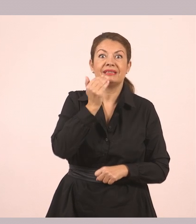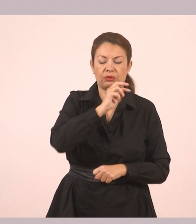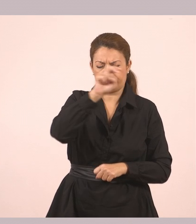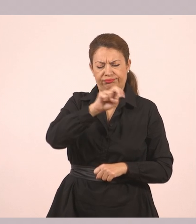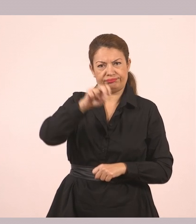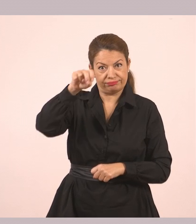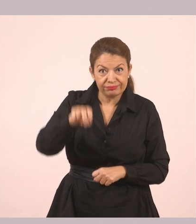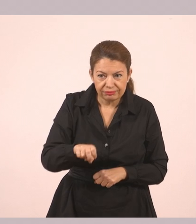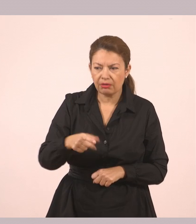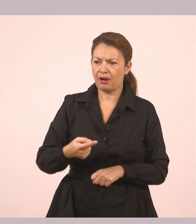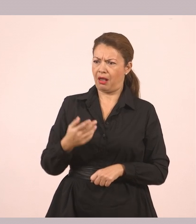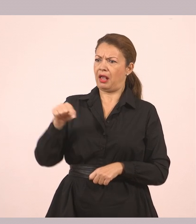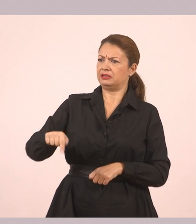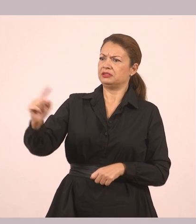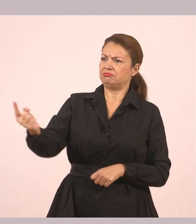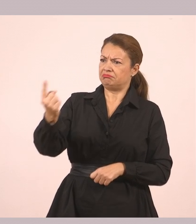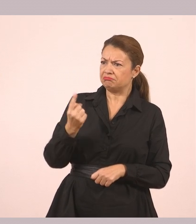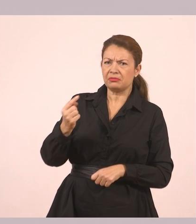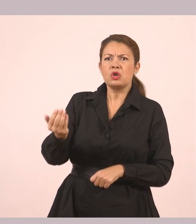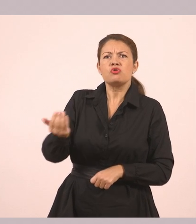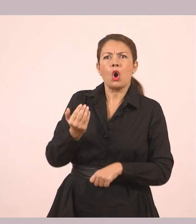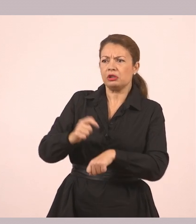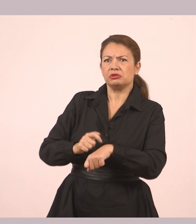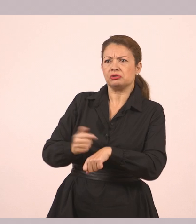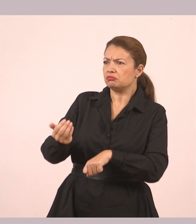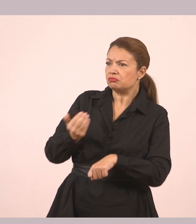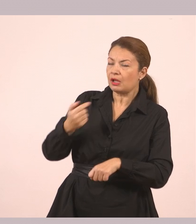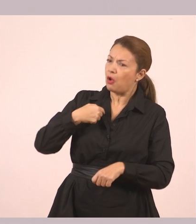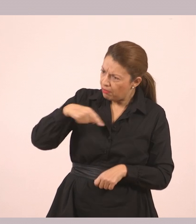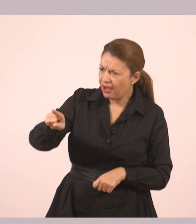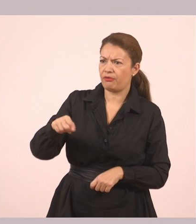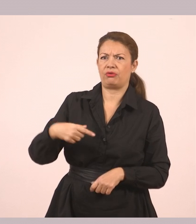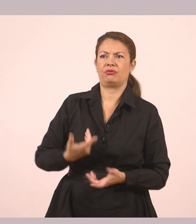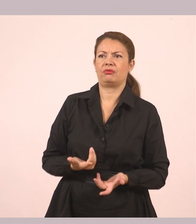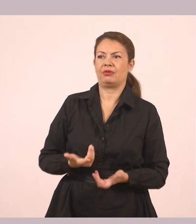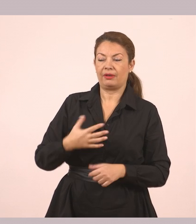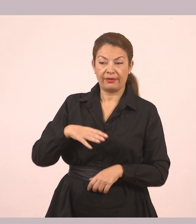«Πώς και έτσι νωρίς; Θα ερχόμουν να σε πάρω». «Ήθελα να σου δώσω κάτι. Πάμε λίγο έξω».
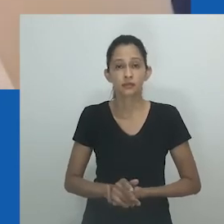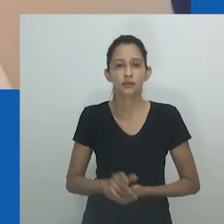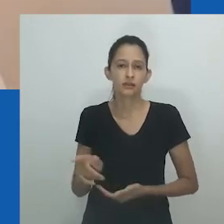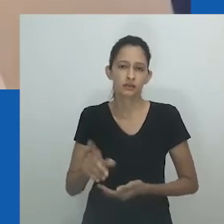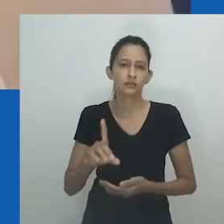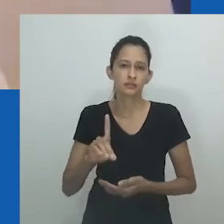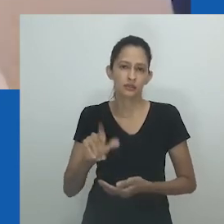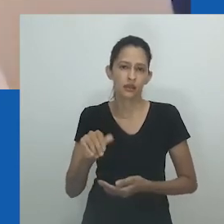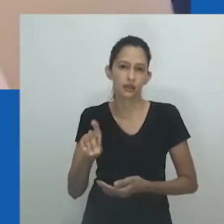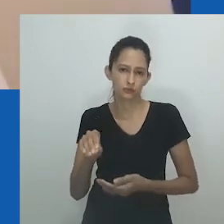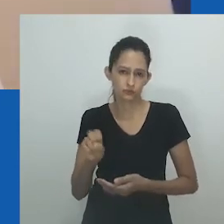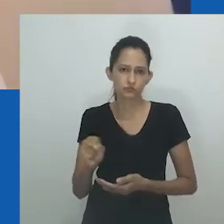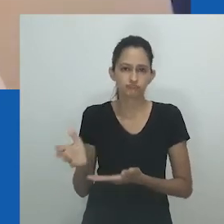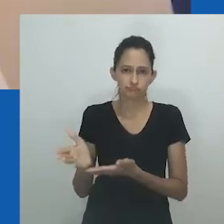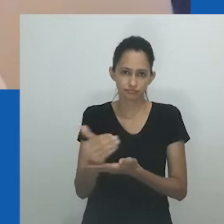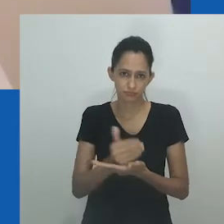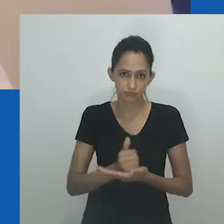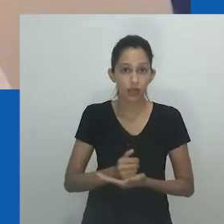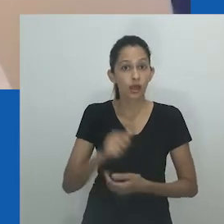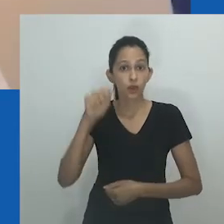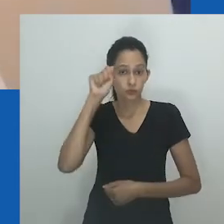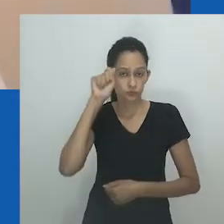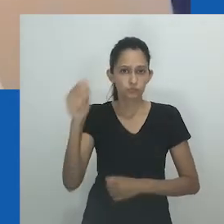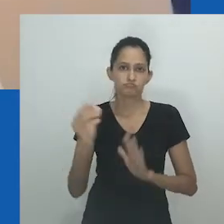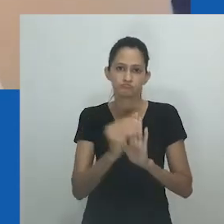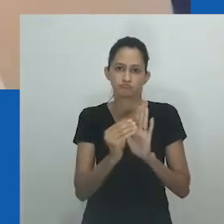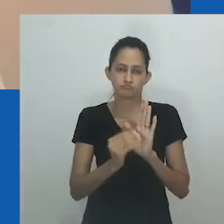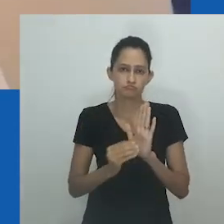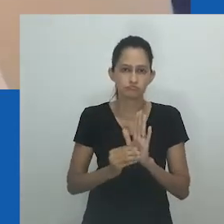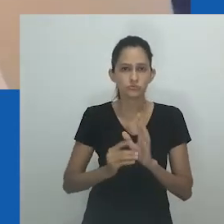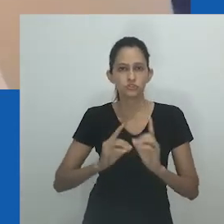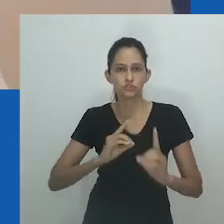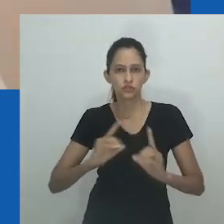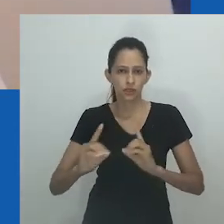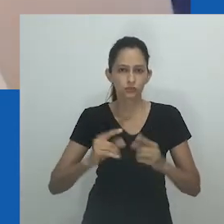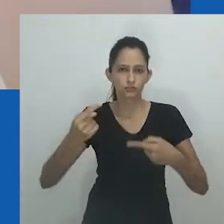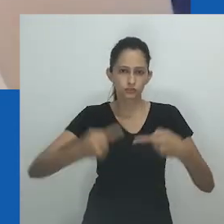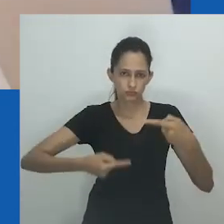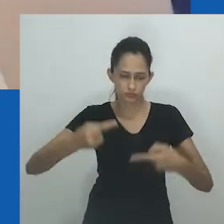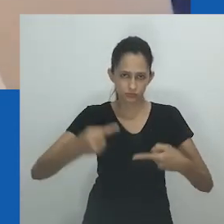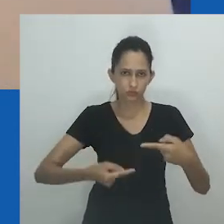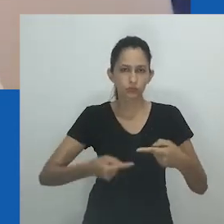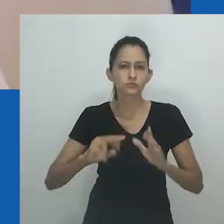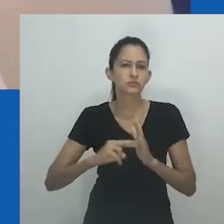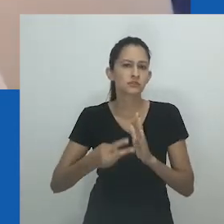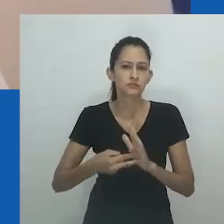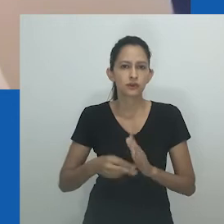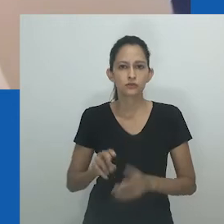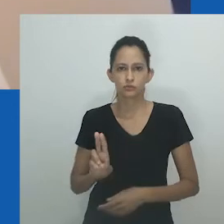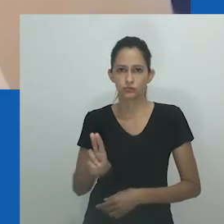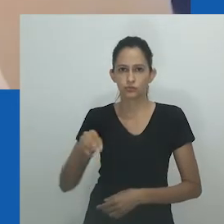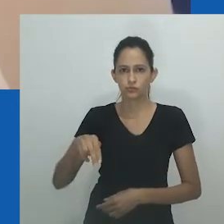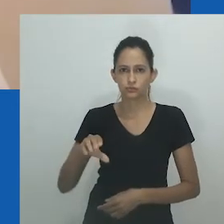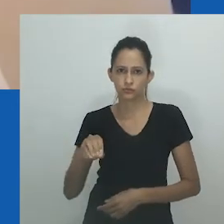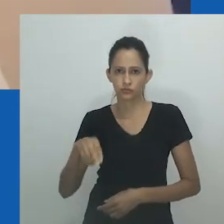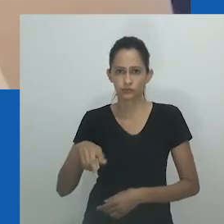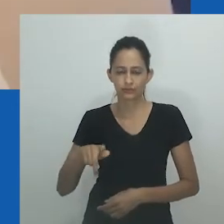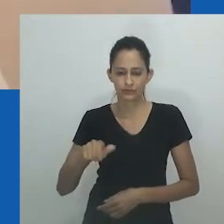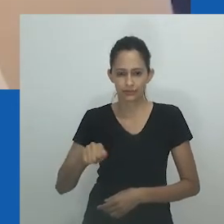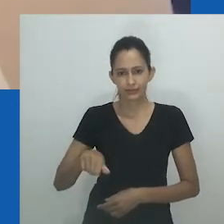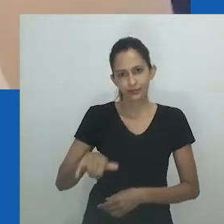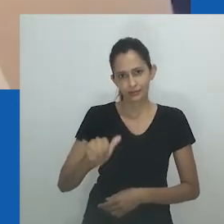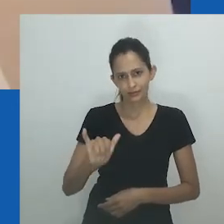boa sorte Thais na tradução, de Siphokazi Angelinah, que constitui a segunda fonte de dados.
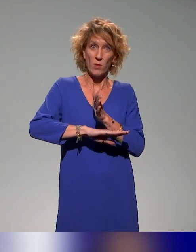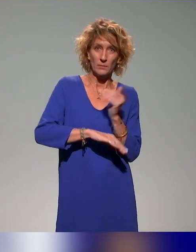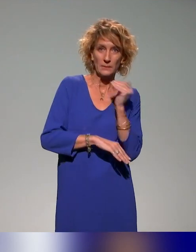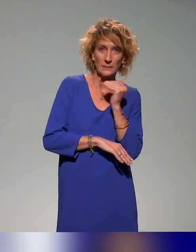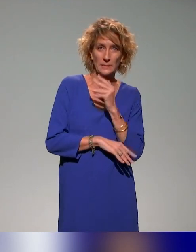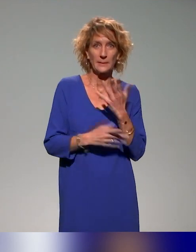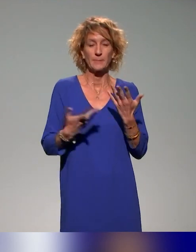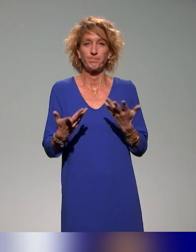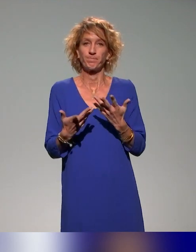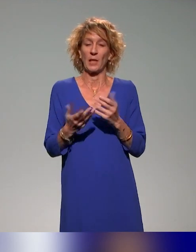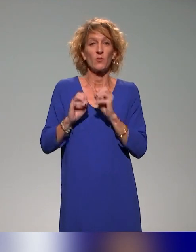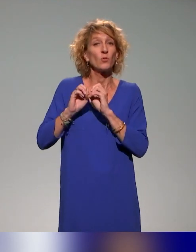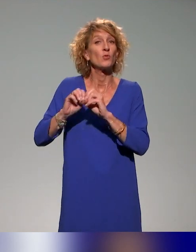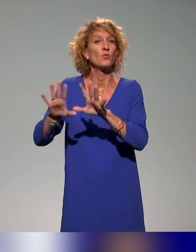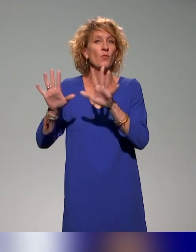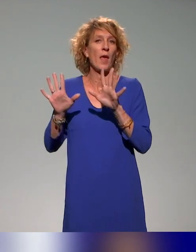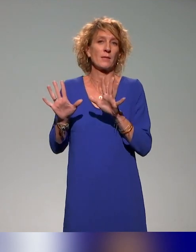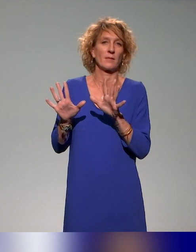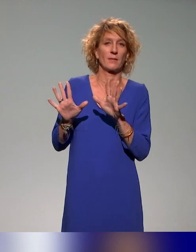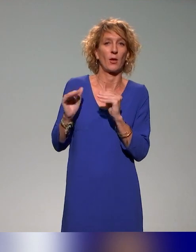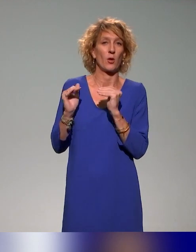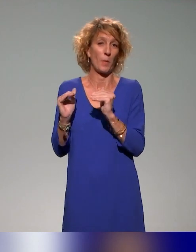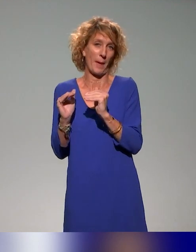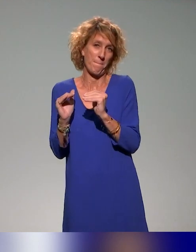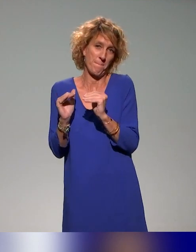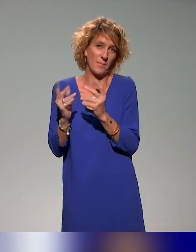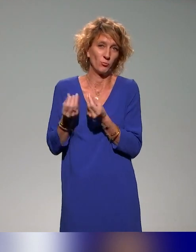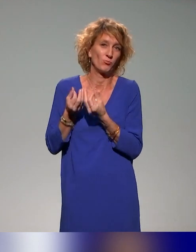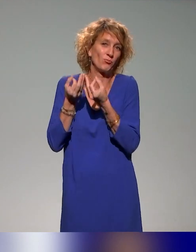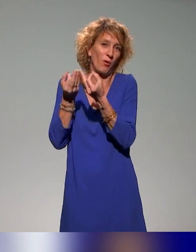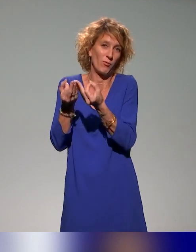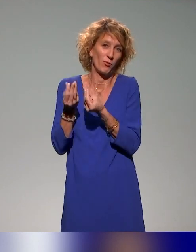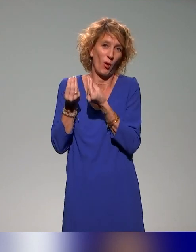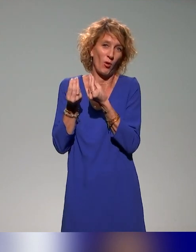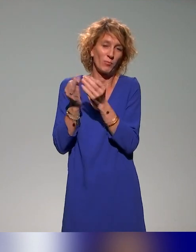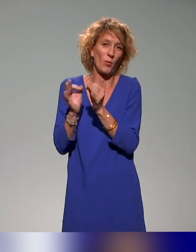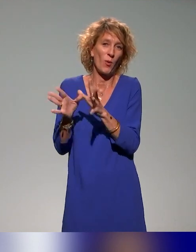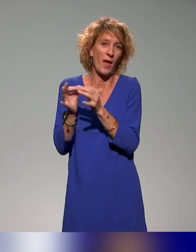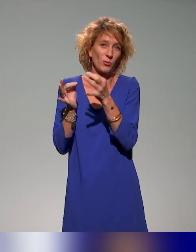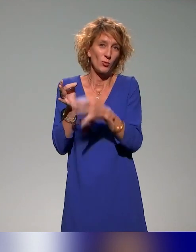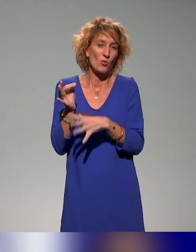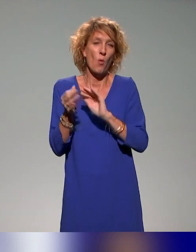Je veux vous laisser évidemment une petite place pour la conclusion et puis éventuellement un petit peu des questions ou des commentaires

Brief -> In your copy of the material, every word must match and no image should appear.

Solution ->
«Πώς και έτσι νωρίς; Θα ερχόμουν να σε πάρω». «Ήθελα να σου δώσω κάτι. Πάμε λίγο έξω».
boa sorte Thais na tradução, de Siphokazi Angelinah, que constitui a segunda fonte de dados.
Je veux vous laisser évidemment une petite place pour la conclusion et puis éventuellement un petit peu des questions ou des commentaires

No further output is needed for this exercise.